As landlords and property managers, you walk a thin line with regard to accommodation requests involving assistance animals. You obviously want to make sure that any tenant who needs an assistance animal is accommodated. At the same time, you need to require enough verification to weed out anyone who is trying to take advantage of the Fair Housing Act. As a fair housing attorney, I’m always curious about where to draw the line. How much verification is too much?

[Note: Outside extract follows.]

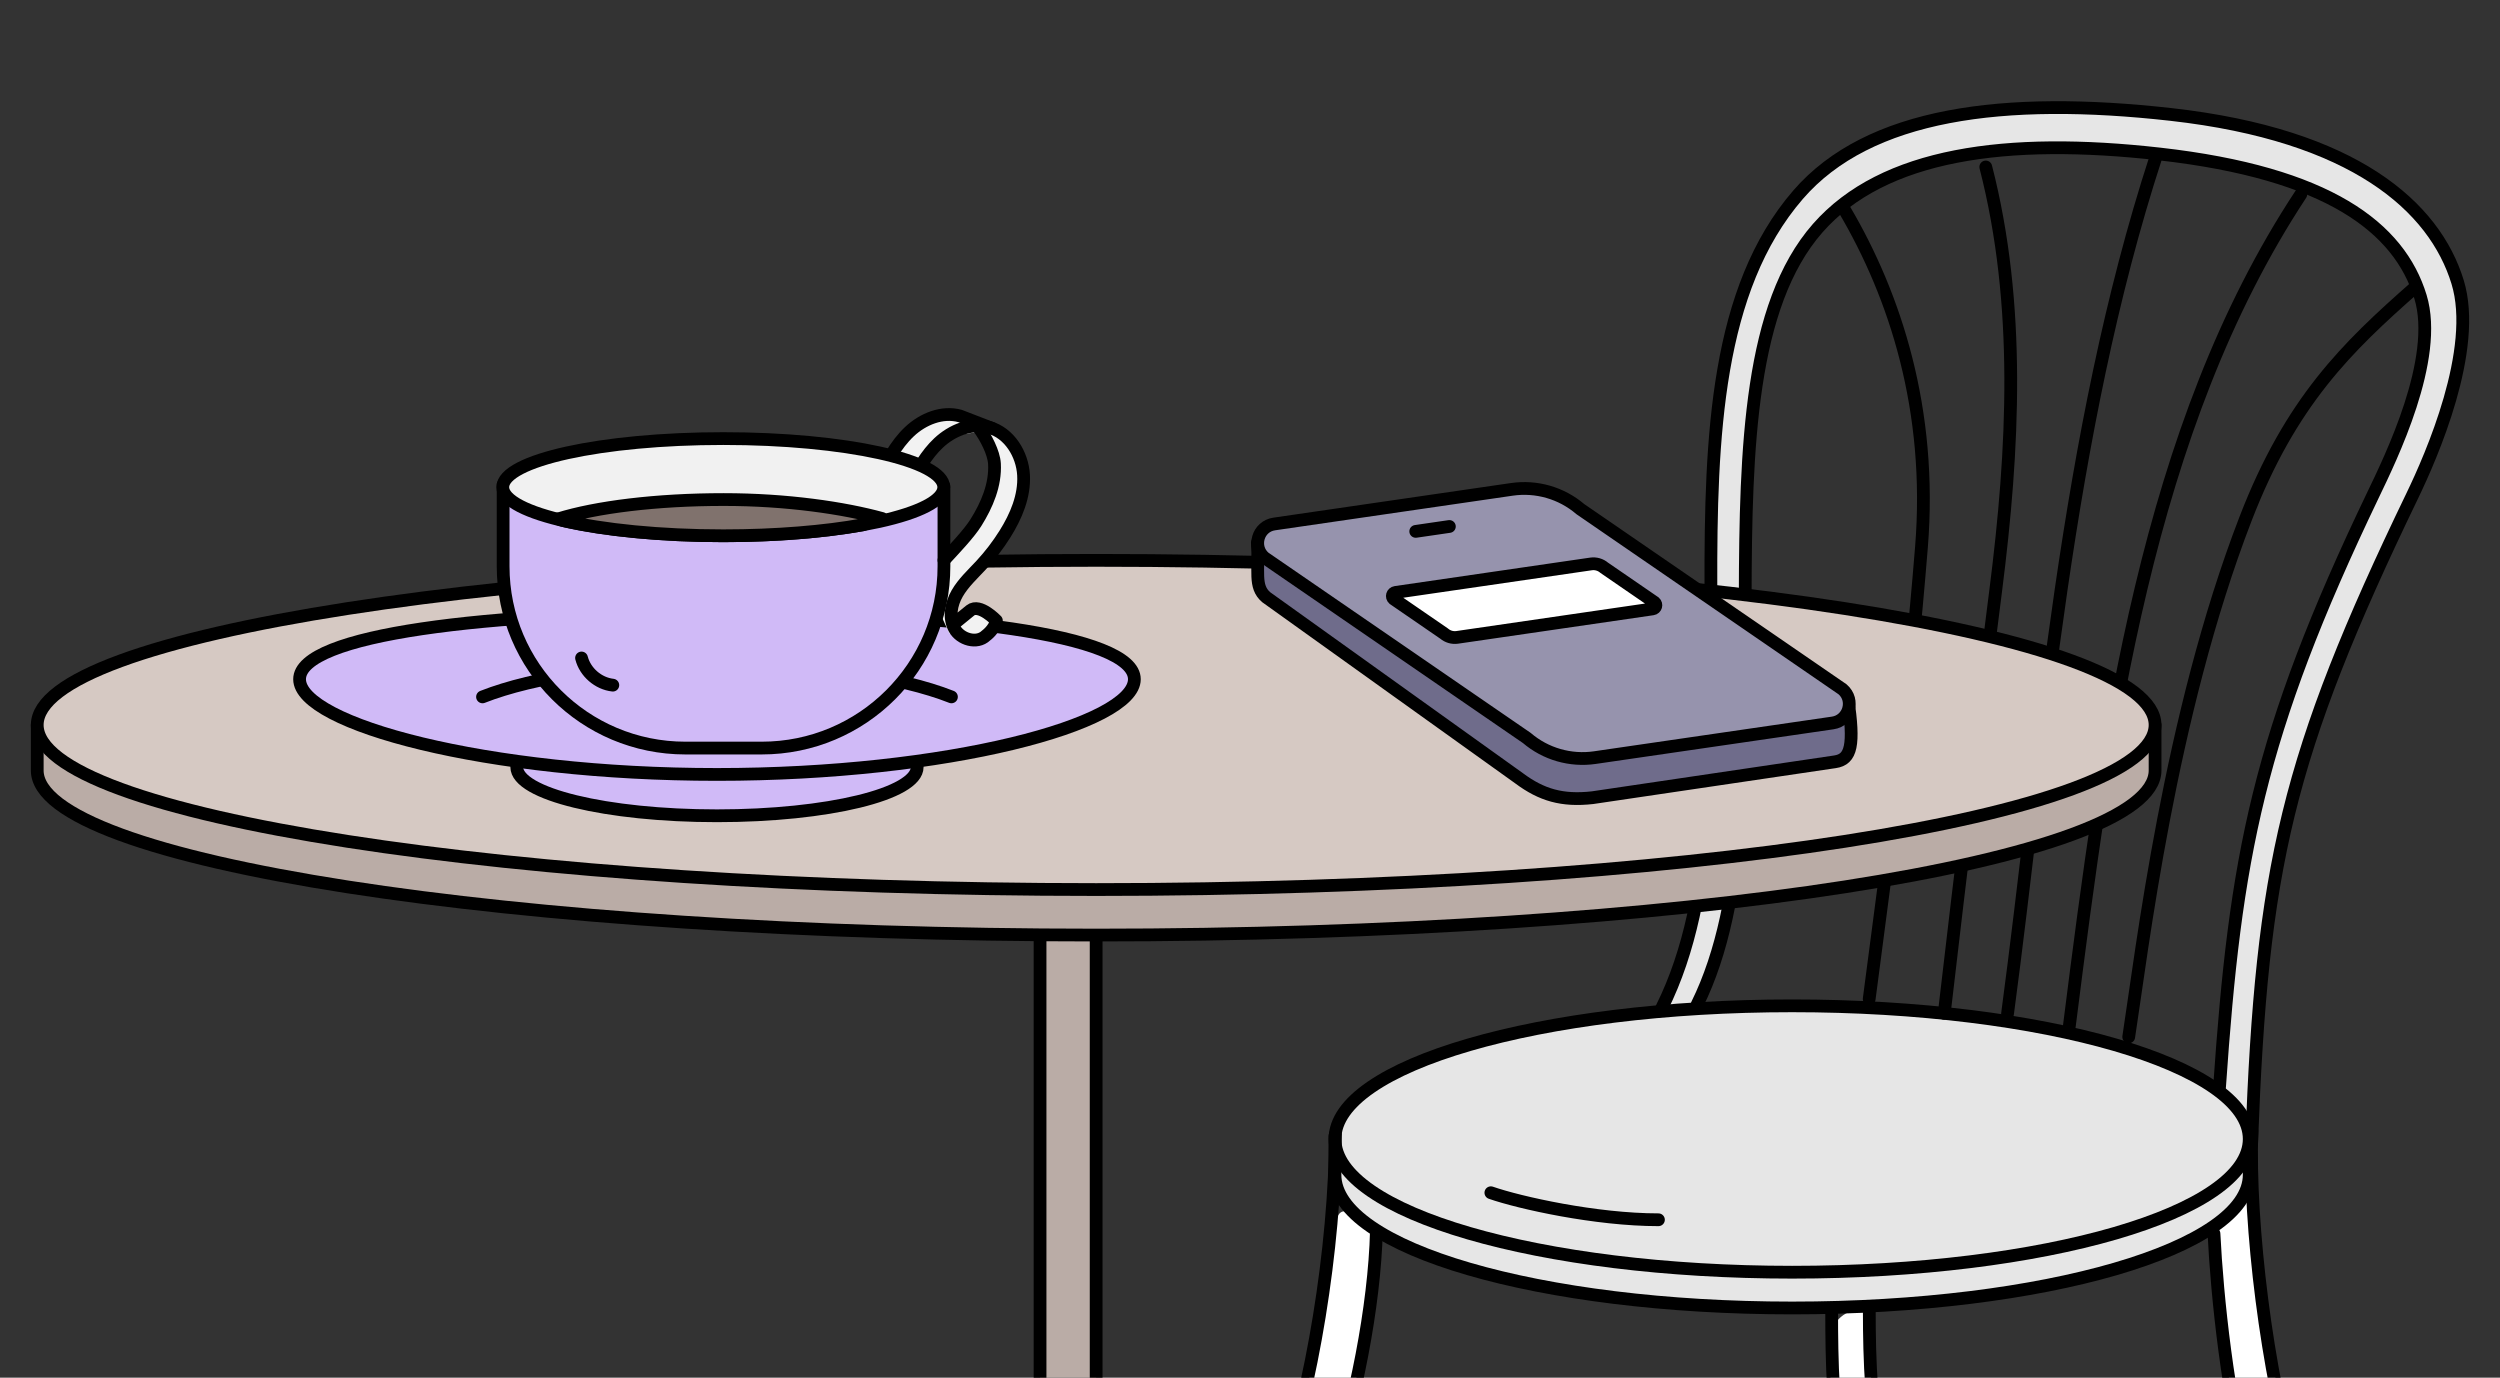 <?xml version="1.0" encoding="UTF-8"?> <svg xmlns="http://www.w3.org/2000/svg" width="470" height="259" viewBox="0 0 470 259" fill="none"><rect x="0" y="0" width="470" height="259" fill="#333333" stroke="none"/><g clip-path="url(#clip0_23875_14153)"><path d="M417.005 204.42C418.514 192.028 419.041 184.133 420.549 171.741C421.242 166.051 422.618 157.844 423.809 152.237C427.238 136.097 433.099 121.119 439.892 106.076C444.847 95.103 450.128 83.503 454.453 72.268C456.931 65.829 456.057 56.85 452.714 50.813C450.645 47.077 448.085 43.322 444.456 41.06C430.546 32.392 415.116 30.008 397.078 28.274C388.651 27.464 374.715 28.035 366.434 29.791C358.153 31.547 348.914 35.49 342.962 41.494C334.855 49.671 331.958 61.996 330.14 73.351C326.792 94.259 328.603 112.869 327.967 134.032C327.568 147.273 326.272 163.994 322.968 178.46C322.09 182.306 320.577 185.178 318.187 189.946C316.231 189.946 314.275 190.162 311.785 190.144C316.186 180.463 318.94 172.551 320.143 161.989C321.914 146.439 320.795 126.711 320.795 111.06C320.795 93.723 321.204 86.323 323.185 73.351C325.167 60.379 328.231 46.656 337.312 37.159C346.222 27.84 358.163 23.791 361.87 22.856C380.778 18.088 400.555 19.605 419.897 23.073C432.396 25.313 448.091 31.742 456.191 41.494C461.893 48.357 463.444 56.667 462.711 65.549C462.115 72.78 457.484 83.348 454.67 90.039C450.584 99.756 446.925 106.386 442.839 116.104C435.909 132.584 429.411 151.67 426.852 169.357C424.8 183.542 424.244 192.98 423.033 210.292C420.984 208.367 420.332 207.066 417.005 204.42H417.005Z" fill="#E6E6E6"></path><path d="M423.429 278.192C426.585 278.335 429.526 278.192 432.252 277.763C427.733 261.882 423.706 239.031 423.429 224.542C421.407 226.852 418.695 227.976 416.543 231.624C415.858 234.789 416.864 244.552 417.188 247.719C417.412 249.905 422.105 278.132 423.429 278.192V278.192Z" fill="white"></path><path d="M346.524 278.451L354.407 277.983C353.426 272.884 352.66 267.745 352.111 262.582C351.842 260.048 351.625 257.508 351.46 254.964C351.34 253.106 351.978 248.919 351.13 247.332C349.884 244.997 345.901 246.904 344.879 249.108C343.248 252.623 344.164 258.273 344.353 262.019C344.425 263.446 345.645 278.5 346.524 278.451Z" fill="white"></path><path d="M239.862 278.406C242.734 278.478 245.673 278.406 249.977 278.191C254.927 262.955 257.376 247.132 258.705 236.106C258.835 235.02 258.956 233.89 258.604 232.854C257.944 230.915 253.233 225.968 251.668 228.345C250.904 229.504 249.893 234.66 249.762 236.13C249.558 238.409 249.436 241.376 249.116 243.641C248.49 248.081 247.598 253.234 246.534 257.59C246.243 258.778 240.703 278.428 239.862 278.406V278.406Z" fill="white"></path><path d="M312.448 189.431C333.562 147.089 307.343 72.124 338.029 36.619C351.337 21.222 376.788 18 408.128 21.517C442.615 25.386 457.682 38.855 462.029 53.015C465.921 65.692 457.093 85.775 453.521 93.179C429.854 142.23 425.226 163.114 423.31 214.773" stroke="black" stroke-width="2.4" stroke-linecap="round" stroke-linejoin="round"></path><path d="M319.057 188.861C338.417 149.799 316.252 71.88 341.737 42.884C354.099 28.818 377.275 25.707 406.011 28.951C437.632 32.521 451.064 42.733 455.05 55.796C458.618 67.492 449.412 86.213 446.136 93.043C424.436 138.295 420.244 161.189 417.273 204.361" stroke="black" stroke-width="2.4" stroke-linecap="round" stroke-linejoin="round"></path><path d="M351.406 187.812C355.651 155.147 358.727 133.873 361.234 102.879C363.323 77.043 356.261 55.58 346.817 39.522" stroke="black" stroke-width="2.4" stroke-linecap="round" stroke-linejoin="round"></path><path d="M405.281 29.616C388.27 81.887 384.141 140.306 377.416 190.588" stroke="black" stroke-width="2.4" stroke-linecap="round" stroke-linejoin="round"></path><path d="M400.199 194.94C402.666 179.043 407.816 134.685 422.179 97.495C430.691 75.457 441.21 65.295 454.116 53.944" stroke="black" stroke-width="2.4" stroke-linecap="round" stroke-linejoin="round"></path><path d="M250.975 213.559V220.859C250.975 234.689 289.452 245.9 336.915 245.9C384.378 245.9 422.854 234.689 422.854 220.859V212.729" fill="#E6E6E6"></path><path d="M250.975 213.559V220.859C250.975 234.689 289.452 245.9 336.915 245.9C384.378 245.9 422.854 234.689 422.854 220.859V212.729" stroke="black" stroke-width="2.4" stroke-linecap="round" stroke-linejoin="round"></path><path d="M336.915 239.177C384.378 239.177 422.854 227.965 422.854 214.135C422.854 200.305 384.378 189.094 336.915 189.094C289.452 189.094 250.975 200.305 250.975 214.135C250.975 227.965 289.452 239.177 336.915 239.177Z" fill="#E6E6E6" stroke="black" stroke-width="2.4" stroke-linecap="round" stroke-linejoin="round"></path><path d="M280.282 224.234C285.676 226.112 299.987 229.315 311.787 229.315" stroke="black" stroke-width="2.4" stroke-linecap="round" stroke-linejoin="round"></path><path d="M251.053 213.252C251.032 234.463 246.464 261.815 240.721 277.547" stroke="black" stroke-width="2.4" stroke-linecap="round" stroke-linejoin="round"></path><path d="M258.765 231.425C258.412 245.642 254.711 264.028 250.192 277.333" stroke="black" stroke-width="2.4" stroke-linecap="round" stroke-linejoin="round"></path><path d="M344.352 246.655C344.352 255.395 344.517 266.782 346.749 277.167" stroke="black" stroke-width="2.4" stroke-linecap="round" stroke-linejoin="round"></path><path d="M351.429 246.655C351.429 255.395 351.767 266.041 353.999 276.982" stroke="black" stroke-width="2.4" stroke-linecap="round" stroke-linejoin="round"></path><path d="M423.358 212.602C422.739 230.4 426.228 258.233 431.608 276.474" stroke="black" stroke-width="2.4" stroke-linecap="round" stroke-linejoin="round"></path><path d="M416.228 231.931C416.793 243.652 418.911 263.813 422.785 277.118" stroke="black" stroke-width="2.4" stroke-linecap="round" stroke-linejoin="round"></path><path d="M389.028 192.949C396.009 137.807 403.569 80.515 432.548 36.541" stroke="black" stroke-width="2.4" stroke-linecap="round" stroke-linejoin="round"></path><path d="M373.327 31.39C379.975 57.262 378.568 84.511 375.195 111.006C371.822 137.501 368.962 160.908 365.516 190.507" stroke="black" stroke-width="2.4" stroke-linecap="round" stroke-linejoin="round"></path><rect x="195.529" y="136.292" width="10.547" height="142.866" fill="#BAACA6" stroke="black" stroke-width="2.4" stroke-linecap="round" stroke-linejoin="round"></rect><path d="M7 136.292V144.849C7 161.939 96.13 175.793 206.077 175.793C316.024 175.793 405.153 161.939 405.153 144.849V136.292" fill="#BAACA6"></path><path d="M7 136.292V144.849C7 161.939 96.13 175.793 206.077 175.793C316.024 175.793 405.153 161.939 405.153 144.849V136.292" stroke="black" stroke-width="2.4" stroke-linecap="round" stroke-linejoin="round"></path><path d="M206.077 167.236C316.024 167.236 405.153 153.381 405.153 136.291C405.153 119.201 316.024 105.346 206.077 105.346C96.13 105.346 7 119.201 7 136.291C7 153.381 96.13 167.236 206.077 167.236Z" fill="#D6C9C3" stroke="black" stroke-width="2.4" stroke-linecap="round" stroke-linejoin="round"></path><path d="M172.431 144.211C172.431 149.267 155.579 153.366 134.792 153.366C114.005 153.366 97.153 149.267 97.153 144.211" fill="#D0BAF7"></path><path d="M172.431 144.211C172.431 149.267 155.579 153.366 134.792 153.366C114.005 153.366 97.153 149.267 97.153 144.211" stroke="black" stroke-width="2.4" stroke-linecap="round" stroke-linejoin="round"></path><path d="M56.322 127.696C56.322 119.263 91.454 115.058 134.792 115.058C178.13 115.058 213.262 119.263 213.262 127.696C213.262 136.129 178.13 145.596 134.792 145.596C91.454 145.596 56.322 136.129 56.322 127.696V127.696Z" fill="#D0BAF7" stroke="black" stroke-width="2.4" stroke-linecap="round" stroke-linejoin="round"></path><path d="M184.84 96.58C185.403 94.082 186.594 88.634 186.844 86.835C187.067 85.235 185.337 82.713 184.276 81.223C184.155 81.053 178.524 82.142 178.285 81.938L173.181 87.882L167.543 85.485L174.383 79.161L178.137 78.541L185.407 80.719L190.29 82.9L192.67 89.771L190.665 97.205L183.399 107.387L180.173 111.572L179.328 115.317H186.501L185.812 119.608L178.468 119.093L176.947 115.757L178.137 104.826L184.84 96.58Z" fill="#F2F2F2"></path><path d="M90.714 131.014C100.267 127.244 116.444 124.765 134.793 124.765C153.141 124.765 169.318 127.244 178.871 131.014" stroke="black" stroke-width="2.4" stroke-linecap="round" stroke-linejoin="round"></path><path d="M143.2 140.637H128.852C109.929 140.637 94.588 125.34 94.588 106.47V91.129L177.463 91.421V106.47C177.463 125.34 162.123 140.637 143.2 140.637V140.637Z" fill="#D0BAF7" stroke="black" stroke-width="2.4" stroke-linecap="round" stroke-linejoin="round"></path><path d="M135.975 100.725C158.869 100.725 177.428 96.635 177.428 91.589C177.428 86.543 158.869 82.453 135.975 82.453C113.081 82.453 94.522 86.543 94.522 91.589C94.522 96.635 113.081 100.725 135.975 100.725Z" fill="#F1F1F1" stroke="black" stroke-width="2.4" stroke-linecap="round" stroke-linejoin="round"></path><path d="M104.947 97.559L105.846 97.862C113.403 99.624 124.101 100.726 135.972 100.726C145.919 100.726 155.045 99.953 162.189 98.665L165.826 97.474C158.685 95.506 147.937 93.915 136.06 93.915C123.344 93.915 112.052 95.346 104.947 97.559V97.559Z" fill="#80726D" stroke="black" stroke-width="2.4" stroke-linecap="round" stroke-linejoin="round"></path><path d="M173.447 86.972C174.313 85.63 175.287 84.37 176.452 83.275C178.975 80.903 182.614 79.412 185.955 80.34C189.759 81.396 192.212 85.391 192.428 89.322C192.644 93.254 191.021 97.072 188.926 100.409C187.616 102.496 186.11 104.46 184.434 106.268C182.856 107.969 181.108 109.559 179.952 111.568C178.796 113.578 178.324 116.17 179.453 118.196C180.581 120.221 183.669 121.114 185.343 119.507C185.343 119.507 186.989 118.33 187.321 116.671C187.321 116.671 184.162 113.355 182.416 114.765C180.67 116.174 179.672 117.003 179.672 117.003" stroke="black" stroke-width="2.4" stroke-linecap="round" stroke-linejoin="round"></path><path d="M184.028 80.465C185.292 82.146 186.844 85.082 186.96 87.189C187.176 91.12 185.553 94.938 183.458 98.275C182.148 100.362 179.143 103.514 177.467 105.322" stroke="black" stroke-width="2.4" stroke-linecap="round" stroke-linejoin="round"></path><path d="M167.628 85.393C168.58 83.844 169.658 82.386 170.982 81.141C173.505 78.769 177.145 77.278 180.486 78.206L186.489 80.523" stroke="black" stroke-width="2.4" stroke-linecap="round" stroke-linejoin="round"></path><path d="M109.329 123.7C110.013 126.372 112.463 128.5 115.211 128.809" stroke="black" stroke-width="2.4" stroke-linecap="round" stroke-linejoin="round"></path><path d="M347.389 131.301C348.681 140.106 348.06 142.769 344.976 143.218L299.386 149.967C293.688 150.603 289.807 149.462 285.595 146.321L238.049 112.277C235.682 110.254 236.746 107.377 236.382 102.051" fill="#6F6C8B"></path><path d="M347.389 131.301C348.681 140.106 348.06 142.769 344.976 143.218L299.386 149.967C293.688 150.603 289.807 149.462 285.595 146.321L238.049 112.277C235.682 110.254 236.746 107.377 236.382 102.051" stroke="black" stroke-width="2.4" stroke-linecap="round" stroke-linejoin="round"></path><path d="M344.555 135.916L299.836 142.431C295.235 143.102 290.568 141.754 287.036 138.736L237.716 104.842C235.35 102.819 236.469 98.958 239.552 98.509L284.226 92C288.856 91.326 293.552 92.681 297.105 95.718L346.391 129.583C348.757 131.606 347.638 135.467 344.555 135.916L344.555 135.916Z" fill="#9693AD" stroke="black" stroke-width="2.4" stroke-linecap="round" stroke-linejoin="round"></path><path d="M310.711 114.469L273.956 119.825C273.071 119.954 272.173 119.695 271.494 119.114L262.007 112.593C261.551 112.204 261.766 111.461 262.36 111.375L299.106 106.02C299.996 105.89 300.9 106.151 301.583 106.735L311.064 113.251C311.519 113.64 311.304 114.383 310.711 114.469V114.469Z" fill="white" stroke="black" stroke-width="2.4" stroke-linecap="round" stroke-linejoin="round"></path><path d="M266.157 99.9L272.482 98.977" stroke="black" stroke-width="2.4" stroke-linecap="round" stroke-linejoin="round"></path></g><defs><clipPath id="clip0_23875_14153"><rect width="470" height="259" fill="white"></rect></clipPath></defs></svg>

That’s why a recent complaint filed by HUD caught my attention. HUD challenged the reasonable accommodation and pet policies of a housing provider as having “impose[d] mandatory burdensome conditions on individuals with disabilities who request animal assistance.” The landlord required tenants to fill out several forms, including an accommodation request form and a doctor’s prescription form. So what bothered HUD? Apparently, it was the doctor’s prescription form, which required the doctor to accept liability for any damage or injury caused by the animal in question.
As I am sure you can imagine, each of the doctors approached in the case above refused to sign any such form. This requirement was seen by HUD as a violation of the Act on the basis of discrimination, given that the failure of the tenant to secure a doctor’s signature resulted in the denial of the request.
So what should you do?
Other than the guidelines I discussed in a previous
post, do not, I repeat, do not attempt to assign liability to the prescribing doctor in a tenant’s request for an assistance animal. This action will likely be considered discriminatory under the Act, and could open you up to enforcement for an FHA violation. Keep in mind that this doctor requirement is just one example of a recent burdensome requirement, and if any part of your reasonable accommodation process may be interpreted as placing an excessive burden on the requesting tenant, it is worth looking at.